A: Would a benign Uncle Sam leave you hanging out there, without adjustments, indefinitely? Perish the thought.

The adjustments are made, all right, Joe Giglio, a local spokesman for the Social Security Administration assures us. But because there is roughly a two-year time lag before it shows up on your checks, you’ve apparently forgotten the last time this happened. (It’s pretty hard to close the gap much tighter than this. That’s because it’s more than a year after an increase in your earnings that this fact is even reported to the agency and can be fed into its computer.) The cost-of-living adjustment, however, is automatically added every January, so it is already in place. And you’re quite right--once you’ve hit age 70 you can earn as much as you’re capable of earning without reducing your Social Security benefits.

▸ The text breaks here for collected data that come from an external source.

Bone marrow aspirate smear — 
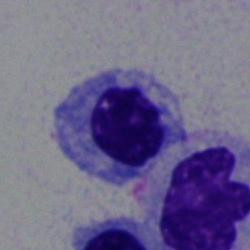

Q: Which cell type is shown here?
A: An erythroblast.
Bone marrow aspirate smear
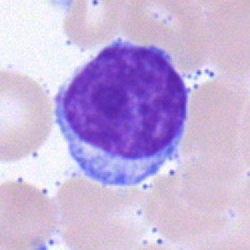

Specimen: bone marrow aspirate smear.
Morphological class: lymphocyte.
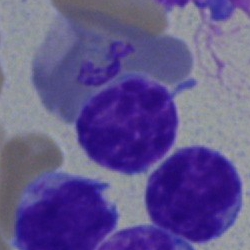 Bone marrow smear showing a typical lymphocyte.
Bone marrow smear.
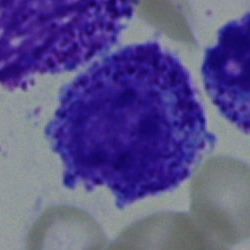 Q: Identify the cell.
A: This is a promyelocyte.
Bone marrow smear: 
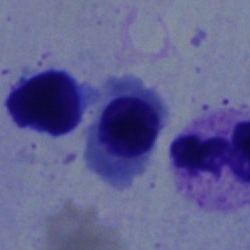
{"cell_type": "nucleated red cell", "lineage": "erythroid"}
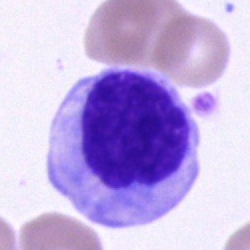

A cell of indeterminate lineage.
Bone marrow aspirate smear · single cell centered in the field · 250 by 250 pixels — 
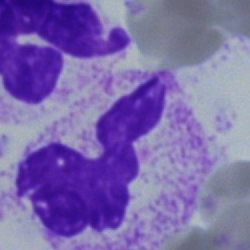

Morphology consistent with a polymorphonuclear neutrophil.
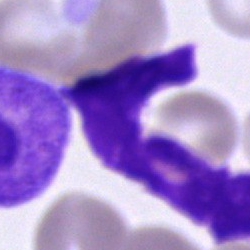Q: What is shown here?
A: It is an unidentifiable cell.
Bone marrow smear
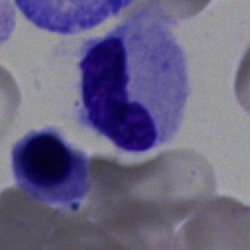
{"cell_type": "band neutrophil"}
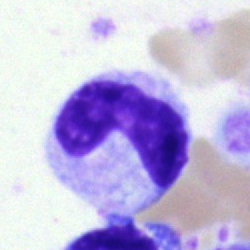
Q: What is the morphological classification of this cell?
A: This is a band neutrophil.
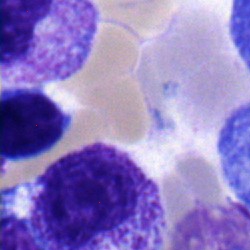
Cell type: lymphocyte.
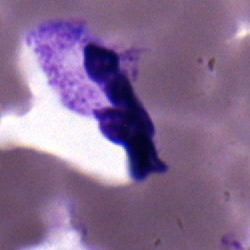

Cell type: polymorphonuclear neutrophil.
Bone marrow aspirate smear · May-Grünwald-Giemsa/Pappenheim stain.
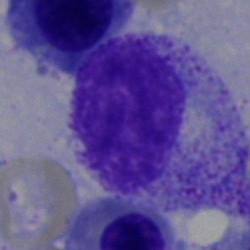

A promyelocyte.
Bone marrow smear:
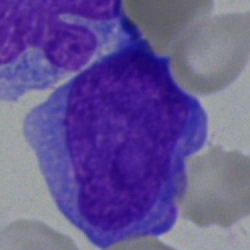 Classification — blast cell.
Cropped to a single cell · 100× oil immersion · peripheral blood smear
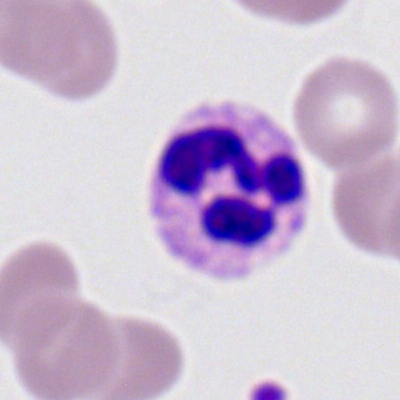
Cell = polymorphonuclear neutrophil.
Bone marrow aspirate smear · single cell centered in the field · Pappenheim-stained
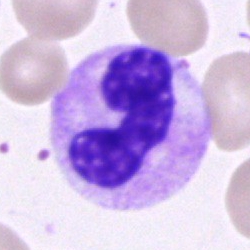

The cell shown is a polymorphonuclear neutrophil.
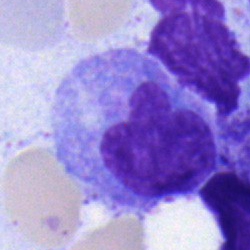The cell shown is a monocyte.
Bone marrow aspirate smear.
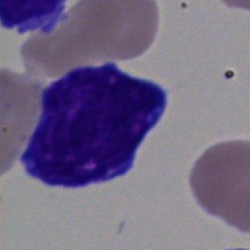

Specimen: bone marrow aspirate smear.
Cell type: blast.
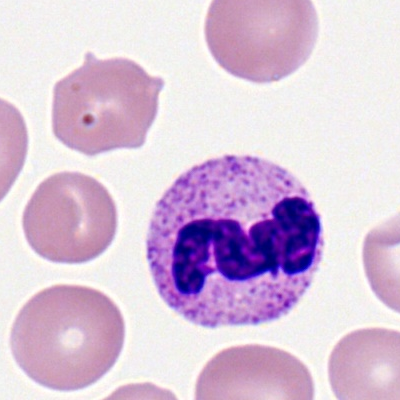
Q: What type of cell is this?
A: This is a neutrophil (segmented).
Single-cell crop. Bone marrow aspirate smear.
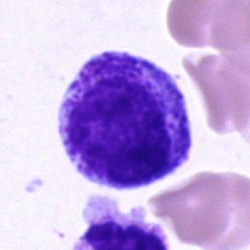Morphological class — myelocyte.
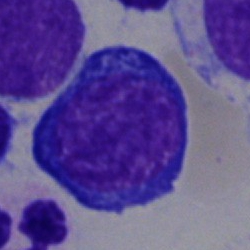

Single-cell crop from a bone marrow smear: nucleated red blood cell.
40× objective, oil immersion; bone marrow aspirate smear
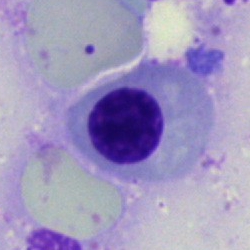 Specimen: bone marrow smear.
Cell: nucleated red blood cell.
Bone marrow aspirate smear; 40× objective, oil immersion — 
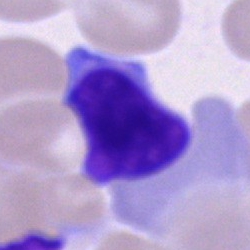

Specimen: bone marrow smear.
Morphological class: lymphocyte.
Lineage: lymphoid.
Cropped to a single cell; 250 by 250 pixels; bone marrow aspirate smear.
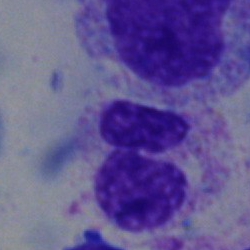

Classification — polymorphonuclear neutrophil.
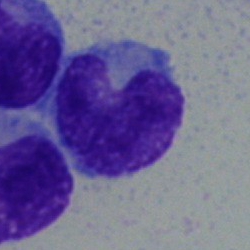

Specimen: bone marrow smear.
Cell type: monocyte.
Lineage: myeloid.
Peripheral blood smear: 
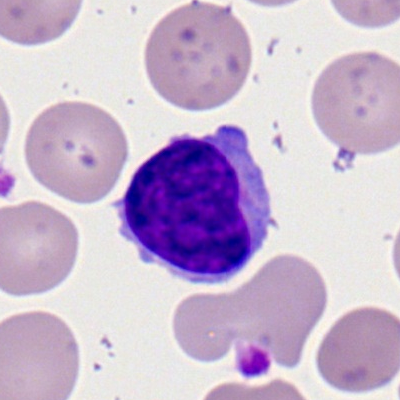 {"cell_type": "lymphocyte"}
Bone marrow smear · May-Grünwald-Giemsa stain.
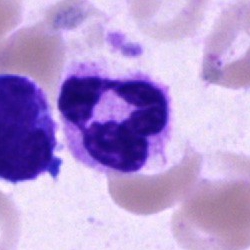{"cell_type": "neutrophil (segmented)"}
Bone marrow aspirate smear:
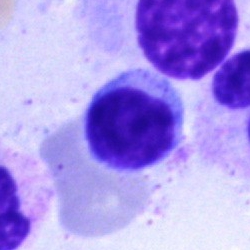Q: Identify the cell.
A: This is a lymphocyte.
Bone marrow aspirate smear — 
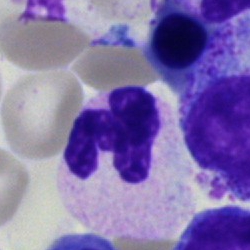
Impression → polymorphonuclear neutrophil.
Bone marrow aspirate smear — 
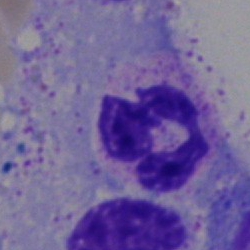
Q: Which cell type is shown here?
A: Polymorphonuclear neutrophil.
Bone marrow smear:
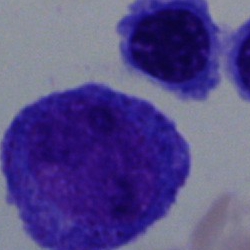 Q: What cell is this?
A: It is an erythroblast.
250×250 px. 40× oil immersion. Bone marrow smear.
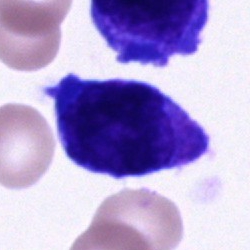

Q: Which cell type is shown here?
A: Unidentifiable cell.
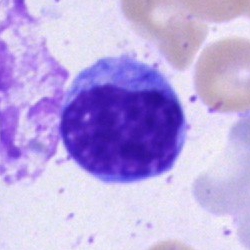Bone marrow smear showing a typical lymphocyte.
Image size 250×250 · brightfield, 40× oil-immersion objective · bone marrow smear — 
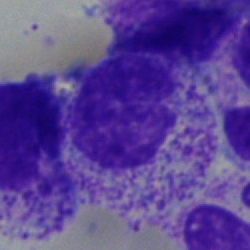 Morphological class: myelocyte.
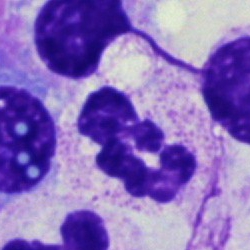 Q: What type of cell is this?
A: A segmented neutrophil.
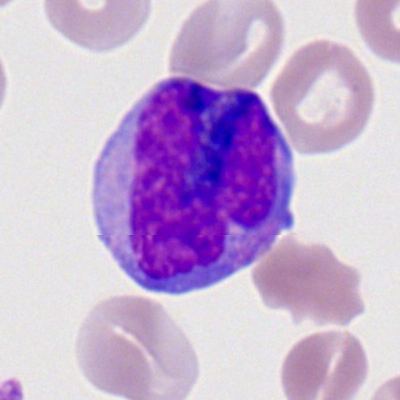The morphological class is myeloid blast.
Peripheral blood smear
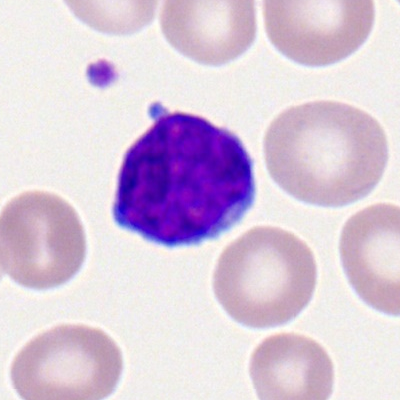
Specimen: peripheral blood film.
Cell: lymphocyte.

The last such adjustment, which is called the Automatic Earnings Recomputation Operation (or AERO), was made last October and reflected changes reported for the taxable year 1982. It showed up on the checks of about 2 million Social Security beneficiaries last December, averaged about $21 apiece and netted each of them a retroactive check of about $480.

The same recomputation will take place this October, Giglio assures us, recomputing your earnings for 1983, and this will show up on your December, 1985, check.

Since the whole thing is a computerized operation, even a slight increase in your earnings for the year will be taken into account--the machine doesn’t mind the “bother” of all this.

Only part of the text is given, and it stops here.